Welcome back brother!  Glad to hear your a family once again.  Give your wifey some love and gratitude from all of us!


----------



## ben johnson (Feb 8, 2006)

hope your wife continues to get better, good to see u back bro....


----------



## ORACLE (Feb 8, 2006)

STEELADDICTION said:
			
		

> Welcome back brother!  Glad to hear your a family once again.  Give your wifey some love and gratitude from all of us!



i'll let her know...she knows how much i enjoyed being on this board and to know that you guys respect her for serving over there.


----------



## Blackbird (Feb 8, 2006)

God Bless.  Welcome back brother.


----------



## ORACLE (Feb 8, 2006)

shucks....i love you guys


----------



## bph316 (Feb 8, 2006)

Welcome back and I hope your wife imporoves more everyday. I have great respect for the women and men that went over there for our country.


----------



## ORACLE (Feb 8, 2006)

bph316 said:
			
		

> Welcome back and I hope your wife imporoves more everyday. I have great respect for the women and men that went over there for our country.

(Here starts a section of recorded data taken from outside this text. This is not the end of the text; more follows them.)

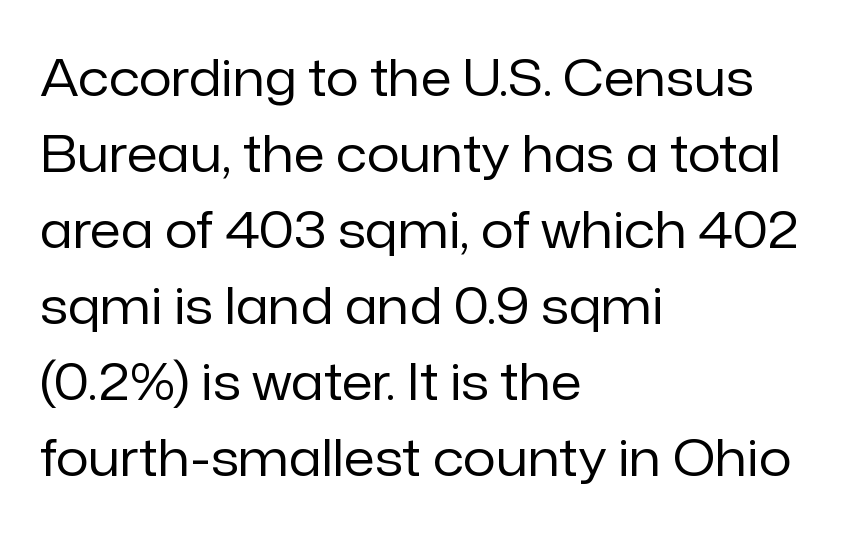
The image shows 51 px regular-weight sans-serif type, upright; set left-aligned, normal line spacing (1.49x), normal letter spacing, not underlined; low stroke contrast and a medium x-height.
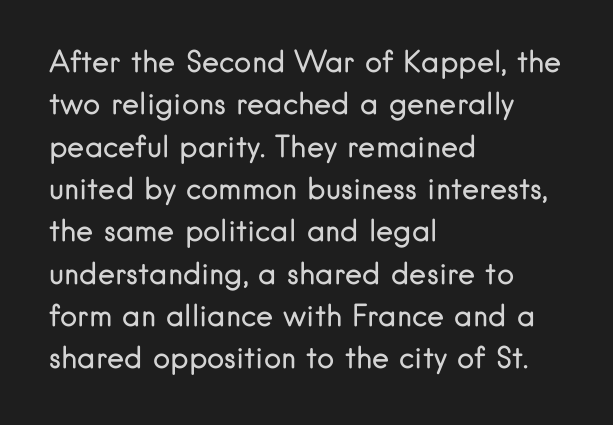
Q: Is the text bold? A: No.
Q: Is the text italic (slanted)? A: No, it is upright.
Q: Is the typeface a serif or a sans-serif typeface? A: Sans-serif.
Q: Is the text underlined? A: No.
Q: How is the paragraph aligned? A: Left-aligned.
Q: Is the spacing between letters normal or unusually wide? A: Normal.
Q: Is the spacing between lines tight, normal or loose? A: Normal.
Q: Width (condensed, normal, or wide)? A: Normal.
Q: Stroke contrast? A: Low.
Q: x-height? A: Small.
Q: Monospaced? A: No.
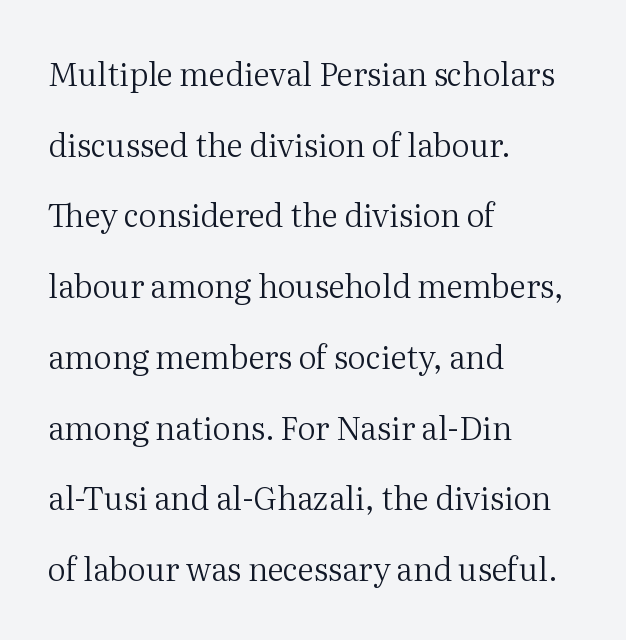
The specimen omits any rule beneath the text block's lines. Spacing between characters is what you'd get straight out of the box. The rendering uses natural spacing where letterforms have individual widths. Stroke thickness stays within the range of a standard reading face or lighter. Baseline-to-baseline distance is far greater than the letter height.

she's gonna get disability from the military but it's just something that we have to learn to live with.  it's good to be back here.  I can't wait to start another cycle.  It's been along time since i've seen a gym.


----------



## pincrusher (Feb 8, 2006)

welcome back oracle. this place just wasnt the same while you were gone.  
hope thigs get better with your wife.  the 2 of you deserve better things happening to ya.  
hit me up with a pm when you get a chance. lots of things happened while you were gone that i want to fill ya in on


----------



## ORACLE (Feb 8, 2006)

there's no place like home aunte M.....


----------



## kell11 (Feb 8, 2006)

*Welcome back Oracle[ya dawg]*

First off Im glad family is fine,I'll be praying for your wife.
Im glad she's home and on the mend so to speak.

As for you,you sorry bitch it's really good to see you back(my partner in jive)

Oracle,Im glad you're back and OK my brother.
It's been a slow show around here while you were gone.You were missed-
*A very warm welcome back O*

and welcome to Texas,land of kell.
although I know you'd rather be in Colorado...I would.

Oh and one last thing-get over to pins new site:
http://www.musclemaniax.com
I want you there too-


----------



## kell11 (Feb 8, 2006)

I knew when Wolfy passed you up on posts,you'd show up.


----------



## stealthmeister (Feb 8, 2006)

Welcome back Oracle. Been missin' your posts. Sorry to hear about your wife....at least she's improving by the sounds of things. Glad to hear she's also out of Iraq.


----------



## ORACLE (Feb 8, 2006)

kell11 said:
			
		

> I knew when Wolfy passed you up on posts,you'd show up.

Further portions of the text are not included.